Tenho problemas para encontrar uma solução sobre como executar um teste post-hoc (Tukey HSD) após uma ANOVA de medidas repetidas de dois fatores (ambos em indivíduos) em R. Para a ANOVA, usei a função aov:
summary(aov(dv ~ x1 * x2 + Error(subject/(x1*x2)), data=df1))
Depois de ler as respostas para outras perguntas, concluí que primeiro teria que executar novamente a ANOVA usando alguma outra função (por exemplo, lme). Isto é o que eu vim com.

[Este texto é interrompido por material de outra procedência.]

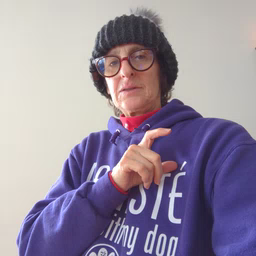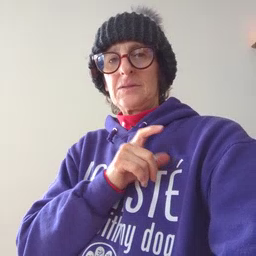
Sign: puppy
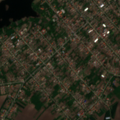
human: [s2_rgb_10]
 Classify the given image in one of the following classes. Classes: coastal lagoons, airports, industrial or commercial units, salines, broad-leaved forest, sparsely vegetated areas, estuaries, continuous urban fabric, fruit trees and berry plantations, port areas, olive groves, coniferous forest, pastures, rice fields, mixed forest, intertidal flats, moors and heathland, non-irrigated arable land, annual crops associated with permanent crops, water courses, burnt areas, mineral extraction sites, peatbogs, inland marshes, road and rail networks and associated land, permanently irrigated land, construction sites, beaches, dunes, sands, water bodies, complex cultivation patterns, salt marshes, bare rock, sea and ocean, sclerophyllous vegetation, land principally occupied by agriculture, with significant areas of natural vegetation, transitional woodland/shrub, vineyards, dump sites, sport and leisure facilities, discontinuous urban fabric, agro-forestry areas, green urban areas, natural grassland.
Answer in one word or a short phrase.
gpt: discontinuous urban fabric, non-irrigated arable land, land principally occupied by agriculture, with significant areas of natural vegetation, water bodies
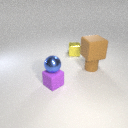
small blue metal sphere in front of large brown rubber cube
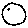
Label: moon
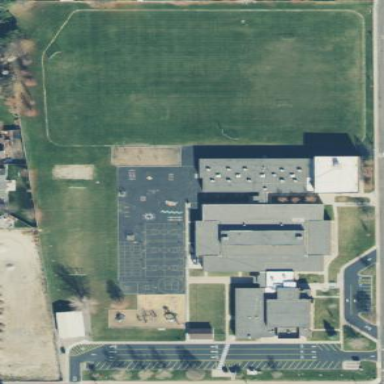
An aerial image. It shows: School.
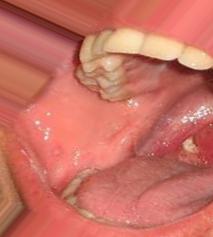
Condition: Mouth Ulcer
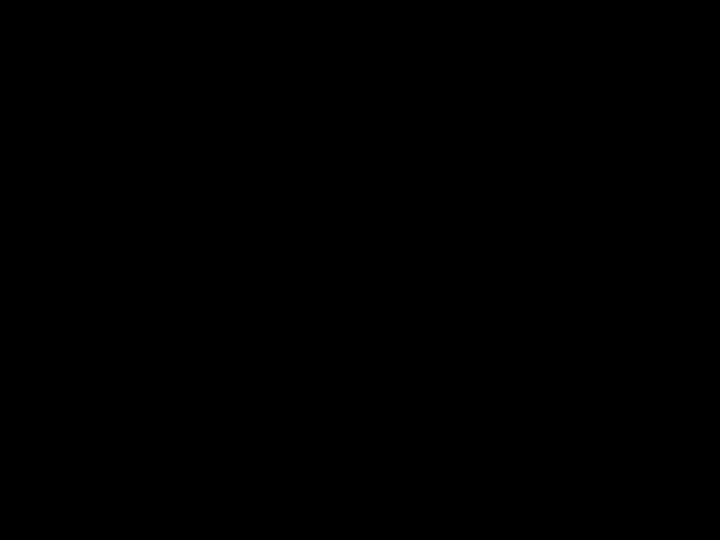
Hubble 25 Hubble 25
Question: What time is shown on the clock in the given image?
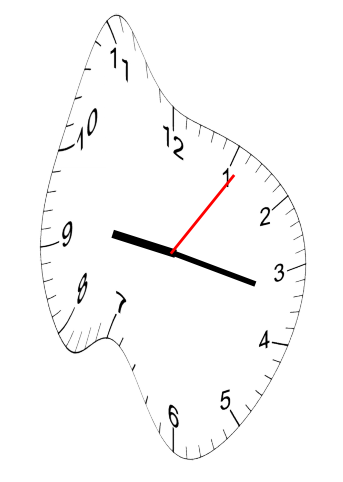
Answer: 09:17:06
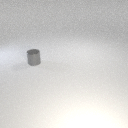
small gray metal cylinder
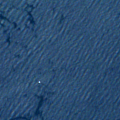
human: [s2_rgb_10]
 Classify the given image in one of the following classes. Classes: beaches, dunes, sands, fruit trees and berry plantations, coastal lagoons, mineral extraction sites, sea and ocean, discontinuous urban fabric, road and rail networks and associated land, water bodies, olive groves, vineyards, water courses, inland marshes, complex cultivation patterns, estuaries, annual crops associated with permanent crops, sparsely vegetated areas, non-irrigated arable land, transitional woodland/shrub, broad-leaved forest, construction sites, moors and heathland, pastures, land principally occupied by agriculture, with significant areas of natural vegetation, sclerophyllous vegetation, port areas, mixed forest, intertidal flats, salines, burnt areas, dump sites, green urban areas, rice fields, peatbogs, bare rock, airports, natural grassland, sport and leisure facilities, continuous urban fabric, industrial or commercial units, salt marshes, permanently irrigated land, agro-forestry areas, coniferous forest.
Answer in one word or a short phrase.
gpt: sea and ocean
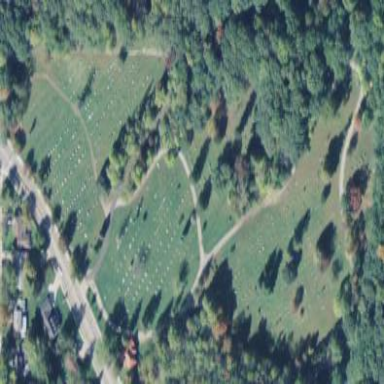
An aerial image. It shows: Cemetery.
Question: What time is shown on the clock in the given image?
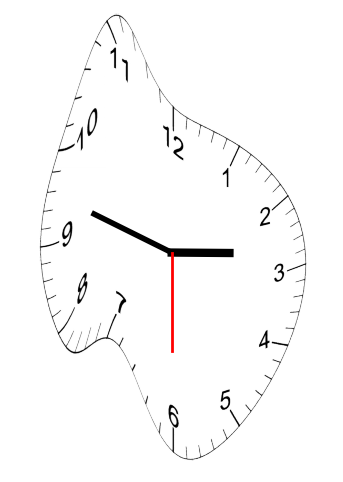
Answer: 02:47:30
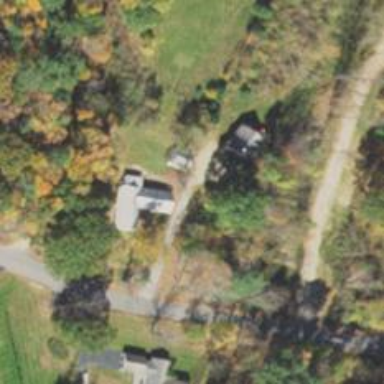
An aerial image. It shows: Driveway.
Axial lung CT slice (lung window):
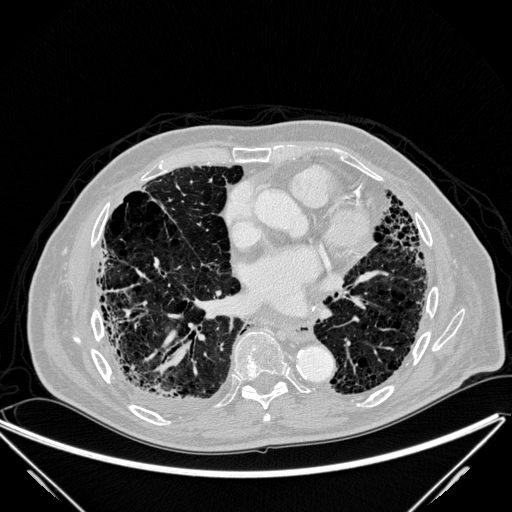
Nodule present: no
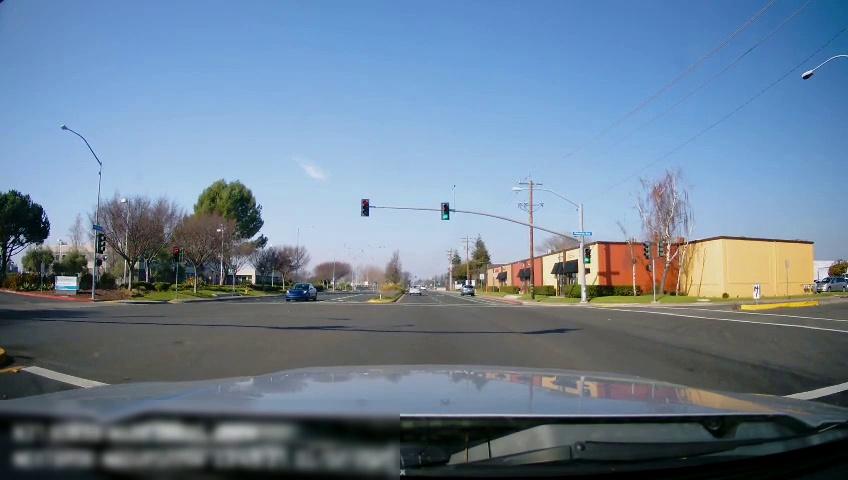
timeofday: Day
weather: Sunny
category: Drivable Space
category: Vehicles | Car
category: Vehicles | SUV
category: Vehicles | Car
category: Lanes | Alternate Lane
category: Lanes | Current Lane
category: Lanes | Current Lane
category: Lanes | Alternate Lane
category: Lanes | Alternate Lane
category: Lanes | Opposite Lane
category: Traffic | Lights
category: Traffic | Lights
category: Traffic | Lights
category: Traffic | Lights
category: Traffic | Lights
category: Traffic | Signs
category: Traffic | Lights
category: Traffic | Lights
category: Traffic | Lights
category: Traffic | Signs
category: Traffic | Signs
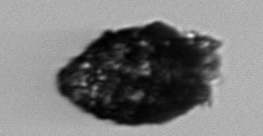
Label: Stenosemella_pacifica
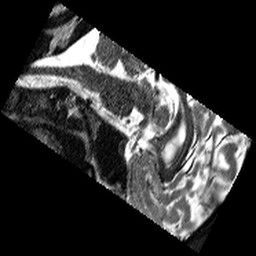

Lme.mod <- lme(dv ~ x1*x2, random=list(subject=pdBlocked(list(~1, pdIdent(~x1-1), pdIdent(~x2-1)))), data=df1)
anova(Lme.mod)
Ambos os efeitos principais foram significativos, mas não houve efeitos de interação. Então, usei essas funções para comparações post-hoc:
summary(glht(Lme.mod, linfct=mcp(x1="Tukey")))
summary(glht(Lme.mod, linfct=mcp(x2="Tukey")))
No entanto, houve alguns problemas:
Antes de tudo, o arquivo R Help diz que "a função mcp deve ser usada com cuidado ao definir parâmetros de interesse nos modelos bidirecional ANOVA ou ANCOVA (...) multcomp versão 1.0-0 e superior gera comparações para os principais efeitos apenas, ignorando covariáveis e interações (versões mais antigas são automaticamente calculadas como média dos termos de interação). É dado um aviso " E com certeza, recebi a seguinte mensagem de aviso:
Warning message:
In mcp2matrix(model, linfct = linfct) :
covariate interactions found -- default contrast might be inappropriate
Outra coisa intrigante foi que, embora ambos os efeitos principais tenham sido significativos, não houve diferenças significativas nas comparações post-hoc para um dos fatores (x1). Eu nunca encontrei isso antes. Os scripts / análises estão corretos / apropriados ou há algo que me falta? Qualquer ajuda seria muito apreciada!